Task objective
Only those lines in the data below from the line containing "to the east, in" through the line containing "longitude: 26.7479", both included, should be restated word for word.

The records
#####

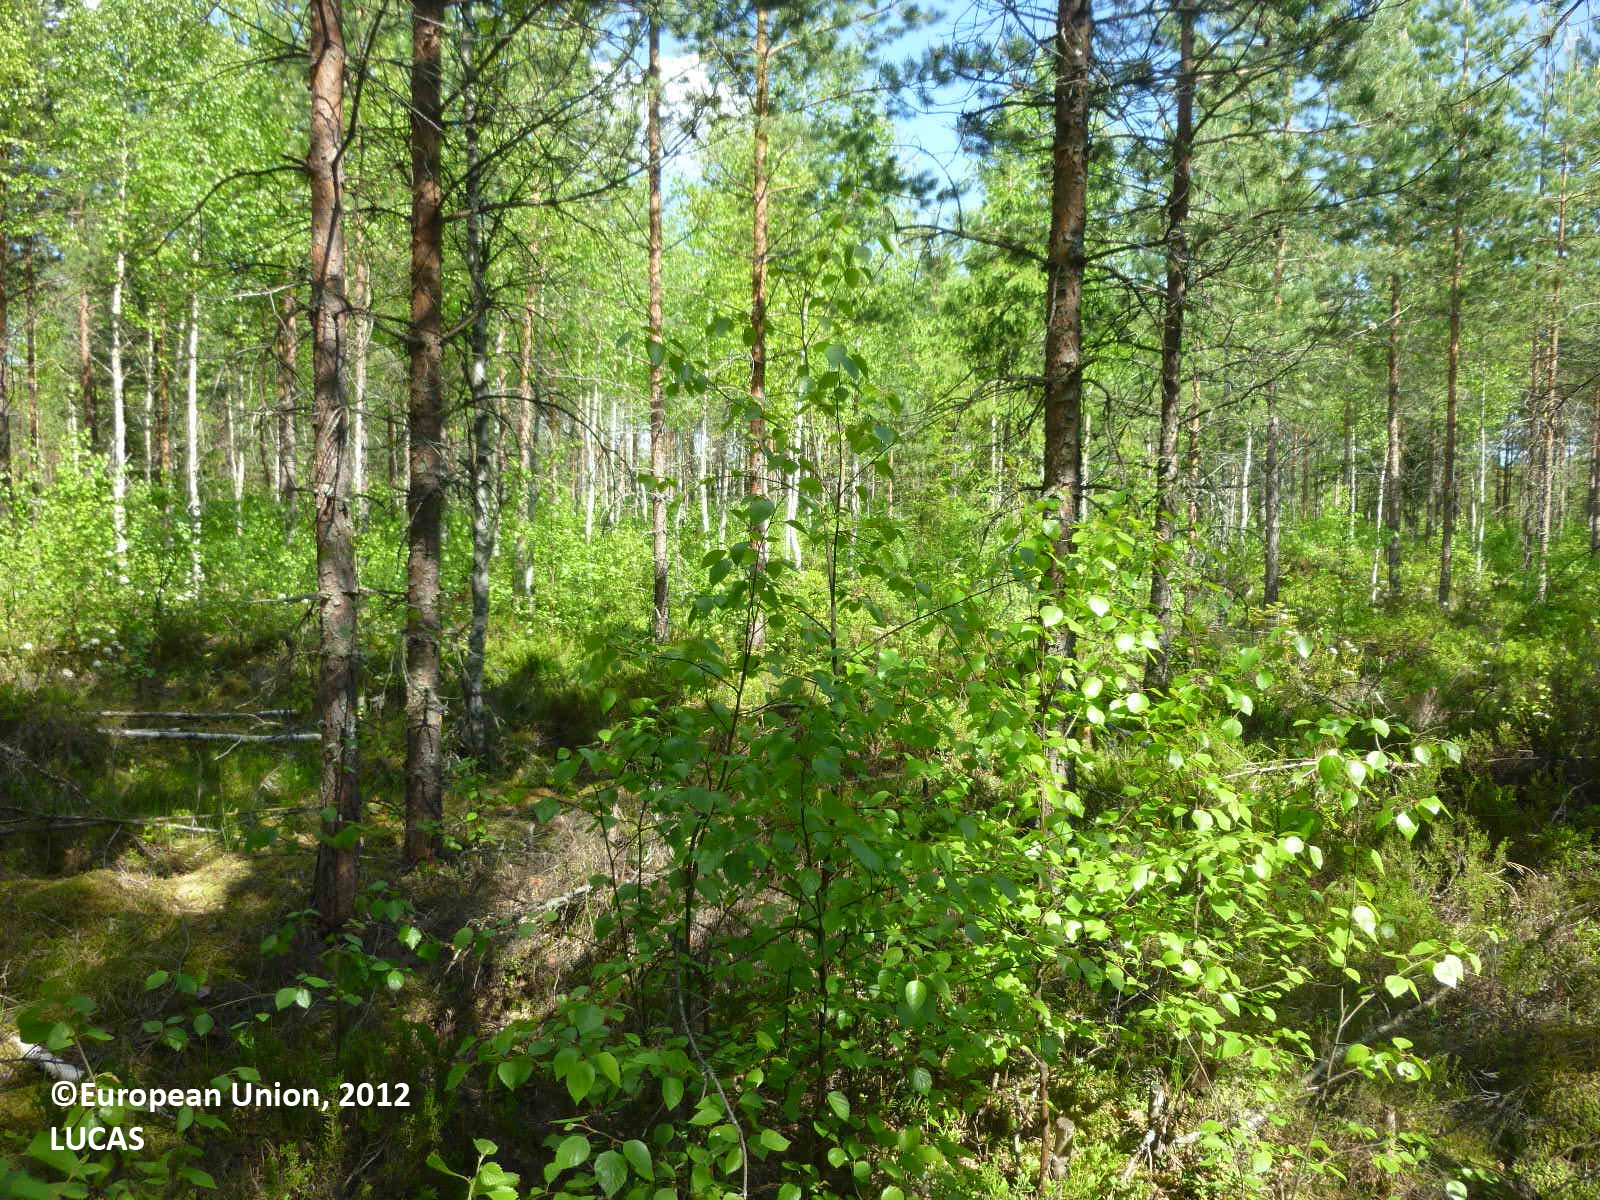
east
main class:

#####

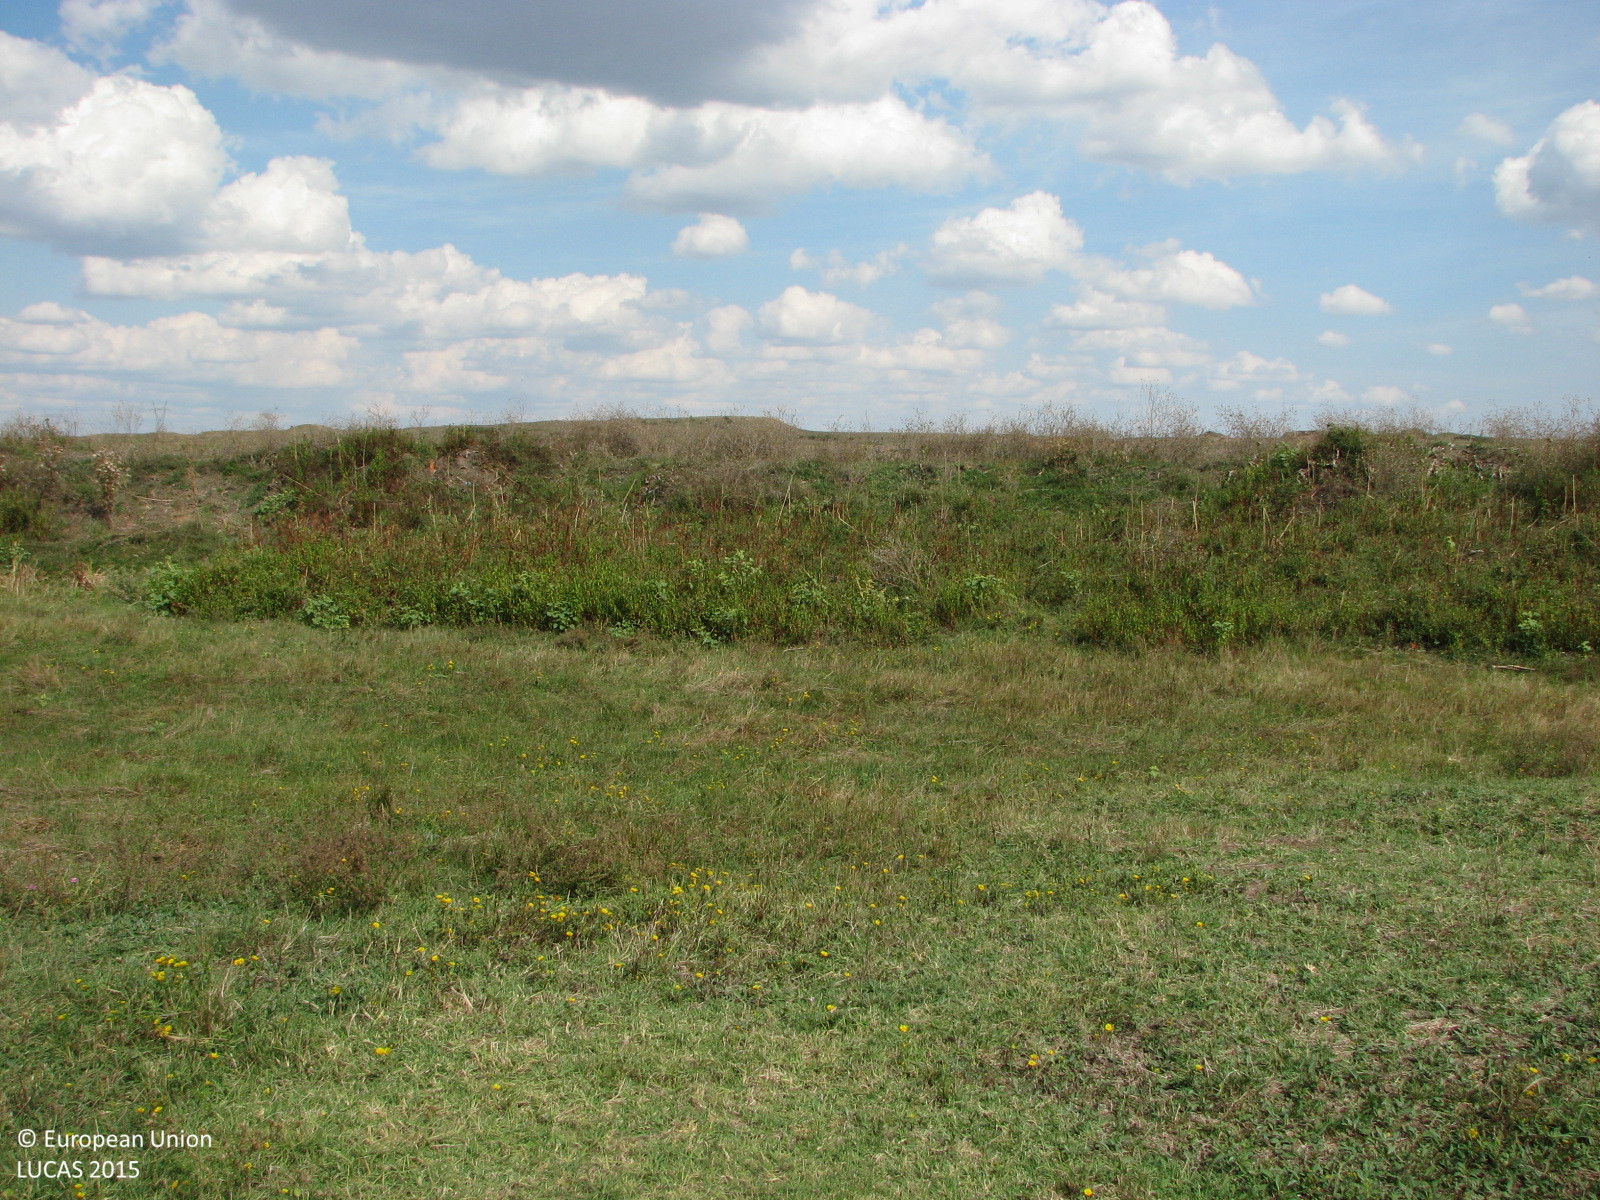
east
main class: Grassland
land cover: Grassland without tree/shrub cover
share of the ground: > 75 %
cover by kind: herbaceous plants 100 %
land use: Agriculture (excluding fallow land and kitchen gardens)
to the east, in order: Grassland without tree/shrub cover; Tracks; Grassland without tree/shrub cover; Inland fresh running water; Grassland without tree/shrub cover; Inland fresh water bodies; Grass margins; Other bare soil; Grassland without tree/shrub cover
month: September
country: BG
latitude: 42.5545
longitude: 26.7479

#####

Output for this exercise
to the east, in order: Grassland without tree/shrub cover; Tracks; Grassland without tree/shrub cover; Inland fresh running water; Grassland without tree/shrub cover; Inland fresh water bodies; Grass margins; Other bare soil; Grassland without tree/shrub cover
month: September
country: BG
latitude: 42.5545
longitude: 26.7479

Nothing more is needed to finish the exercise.